"""

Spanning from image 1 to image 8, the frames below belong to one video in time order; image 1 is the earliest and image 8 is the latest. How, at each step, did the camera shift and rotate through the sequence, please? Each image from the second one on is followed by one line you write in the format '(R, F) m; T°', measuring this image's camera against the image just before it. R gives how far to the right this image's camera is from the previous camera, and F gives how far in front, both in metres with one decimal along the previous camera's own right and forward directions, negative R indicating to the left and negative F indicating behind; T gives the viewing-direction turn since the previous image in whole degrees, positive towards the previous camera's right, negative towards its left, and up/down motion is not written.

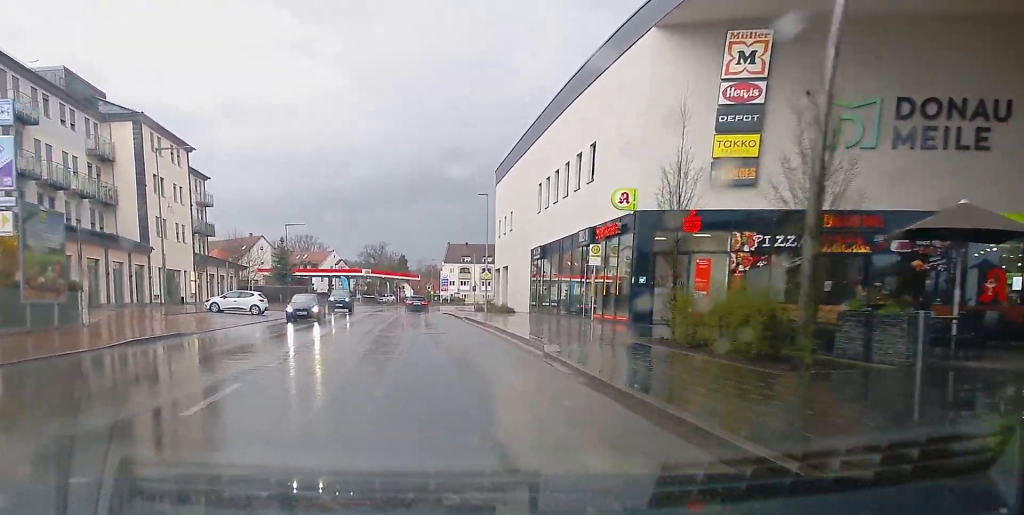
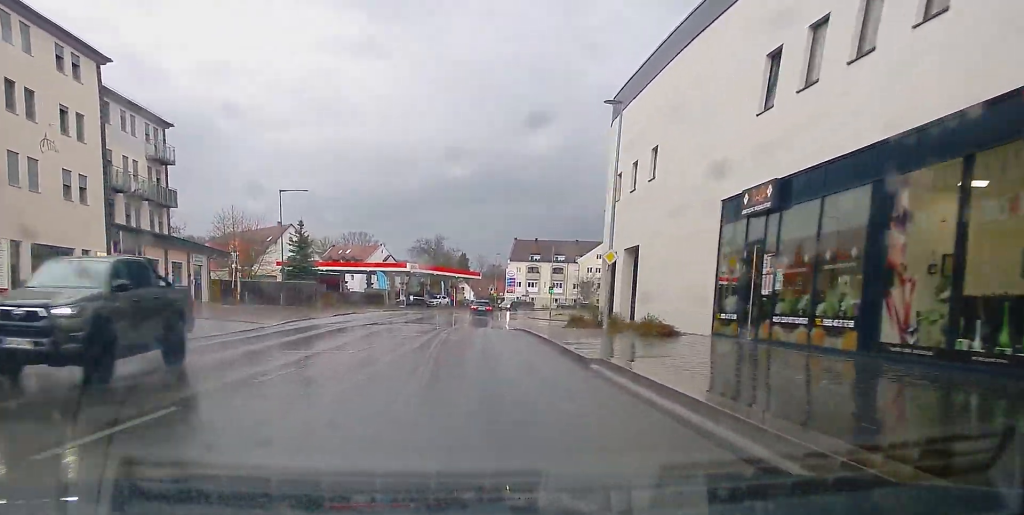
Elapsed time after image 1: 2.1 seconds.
(-0.7, +26.3) m; -1°
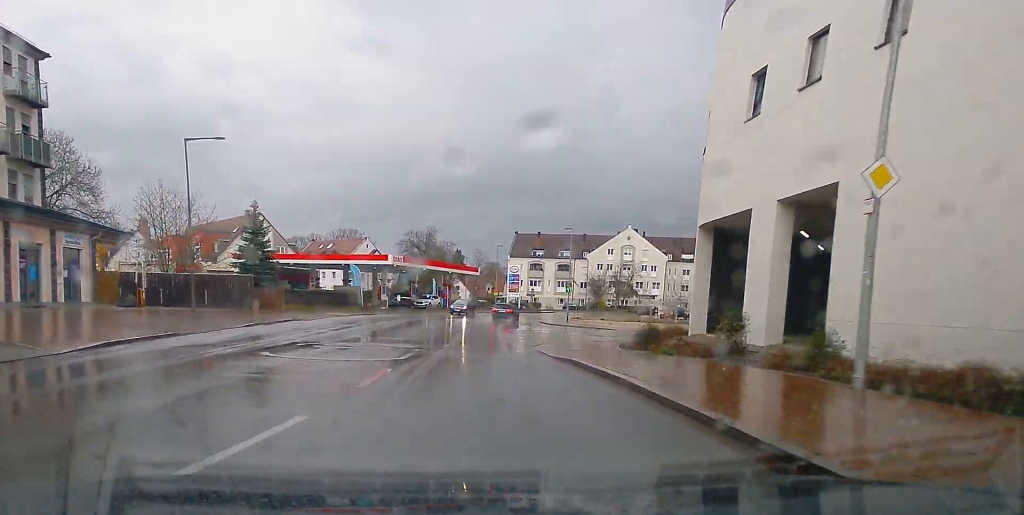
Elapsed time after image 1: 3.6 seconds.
(+0.3, +18.4) m; 0°
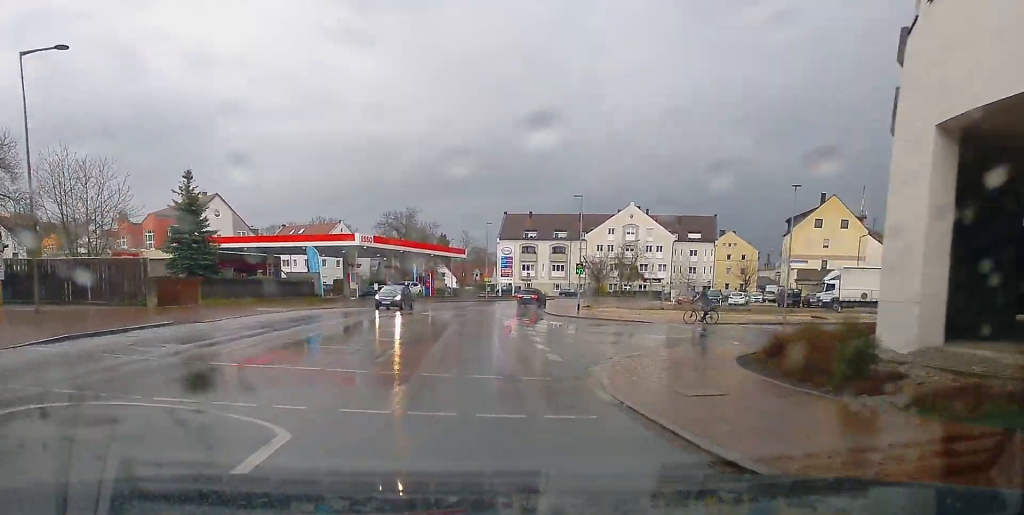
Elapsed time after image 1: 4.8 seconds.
(-0.3, +13.9) m; 0°
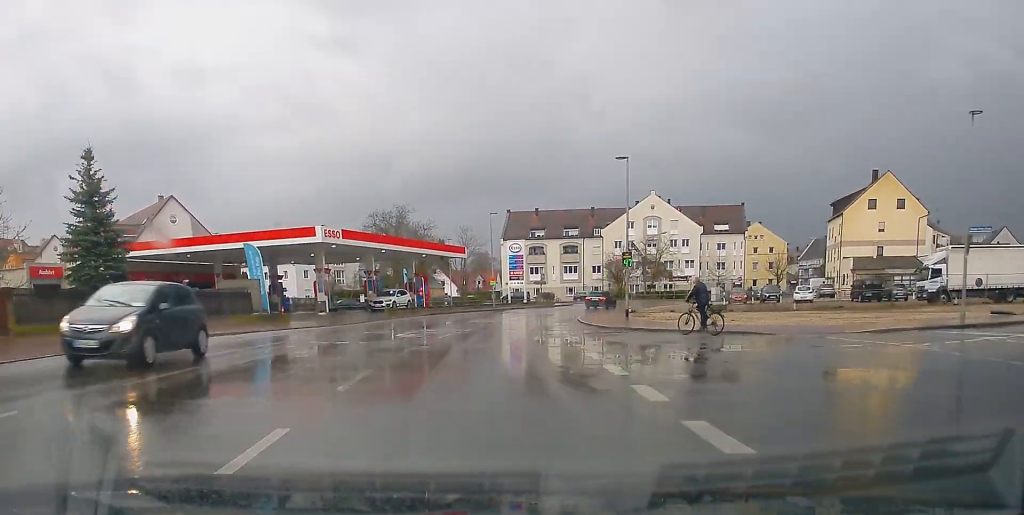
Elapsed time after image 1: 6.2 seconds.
(0.0, +16.8) m; +2°
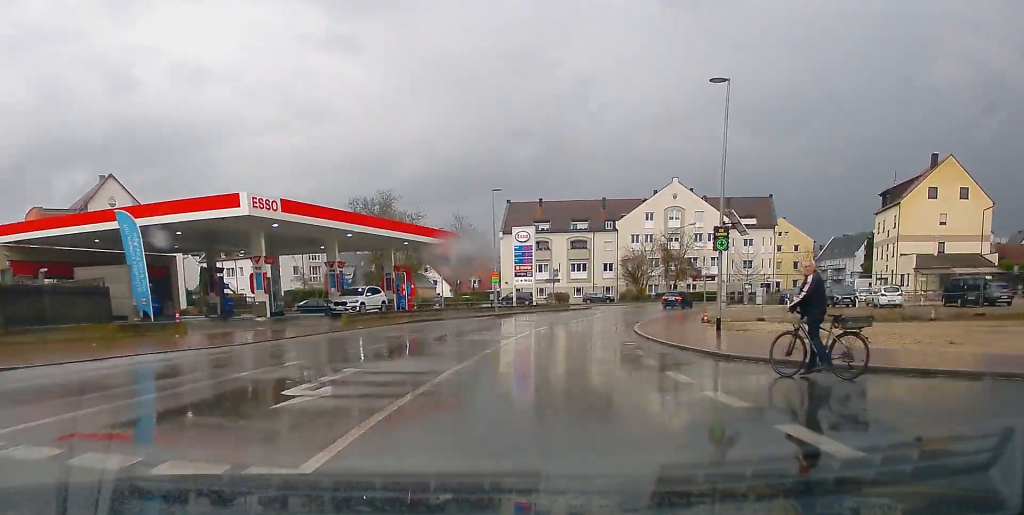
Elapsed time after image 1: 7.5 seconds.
(0.0, +15.5) m; +4°
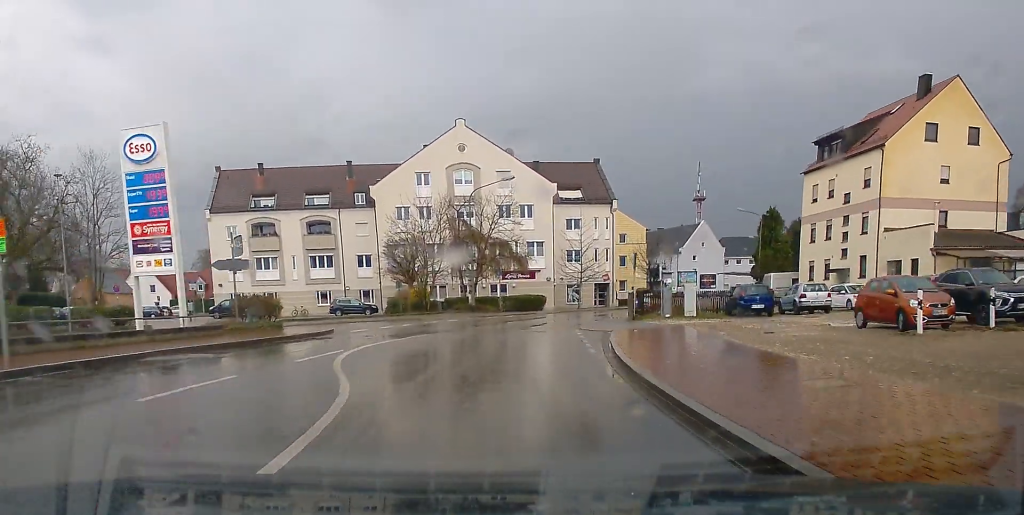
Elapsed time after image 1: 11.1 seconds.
(+3.4, +33.9) m; +10°
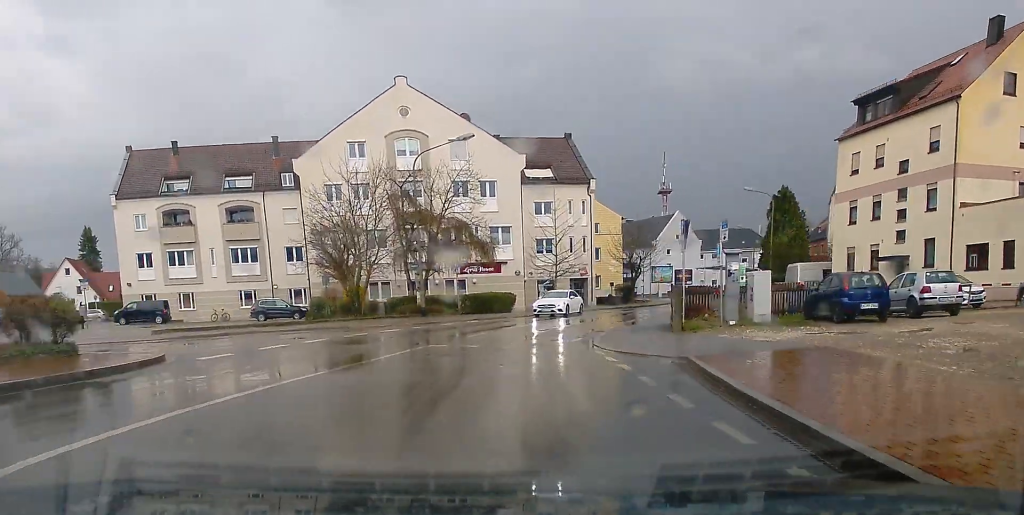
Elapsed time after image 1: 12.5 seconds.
(+0.1, +11.9) m; +2°

"""

*AIM OF THE TASK*. Return every line above exactly, omitting images.

*RESPONSE TO THE TASK*.
Spanning from image 1 to image 8, the frames below belong to one video in time order; image 1 is the earliest and image 8 is the latest. How, at each step, did the camera shift and rotate through the sequence, please? Each image from the second one on is followed by one line you write in the format '(R, F) m; T°', measuring this image's camera against the image just before it. R gives how far to the right this image's camera is from the previous camera, and F gives how far in front, both in metres with one decimal along the previous camera's own right and forward directions, negative R indicating to the left and negative F indicating behind; T gives the viewing-direction turn since the previous image in whole degrees, positive towards the previous camera's right, negative towards its left, and up/down motion is not written.

Elapsed time after image 1: 2.1 seconds.
(-0.7, +26.3) m; -1°
Elapsed time after image 1: 3.6 seconds.
(+0.3, +18.4) m; 0°
Elapsed time after image 1: 4.8 seconds.
(-0.3, +13.9) m; 0°
Elapsed time after image 1: 6.2 seconds.
(0.0, +16.8) m; +2°
Elapsed time after image 1: 7.5 seconds.
(0.0, +15.5) m; +4°
Elapsed time after image 1: 11.1 seconds.
(+3.4, +33.9) m; +10°
Elapsed time after image 1: 12.5 seconds.
(+0.1, +11.9) m; +2°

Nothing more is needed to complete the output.